_THE TASK_
Number of lines below with the word "normal": state it and write nothing more.

_SUPPLIED MATERIAL_
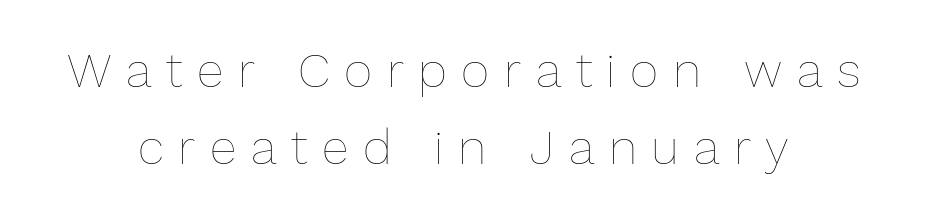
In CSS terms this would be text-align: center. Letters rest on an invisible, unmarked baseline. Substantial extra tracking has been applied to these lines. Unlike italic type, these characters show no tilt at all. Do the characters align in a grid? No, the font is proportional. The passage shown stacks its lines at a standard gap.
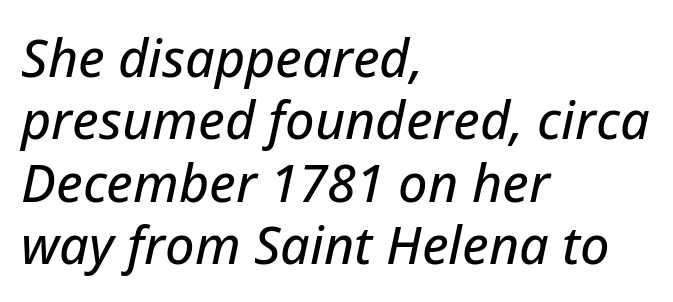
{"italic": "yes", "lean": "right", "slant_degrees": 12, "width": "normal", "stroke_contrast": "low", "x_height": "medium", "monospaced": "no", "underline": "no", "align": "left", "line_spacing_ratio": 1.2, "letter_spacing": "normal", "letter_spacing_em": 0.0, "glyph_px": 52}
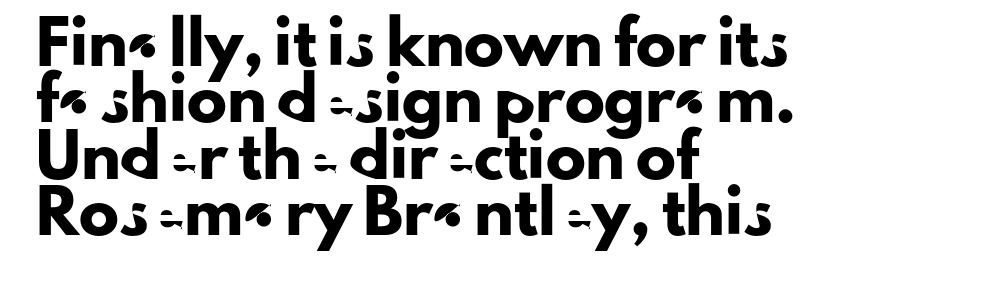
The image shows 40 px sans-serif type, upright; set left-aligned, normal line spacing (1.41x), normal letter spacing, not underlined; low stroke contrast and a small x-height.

_RESULT OF THIS EXERCISE_
2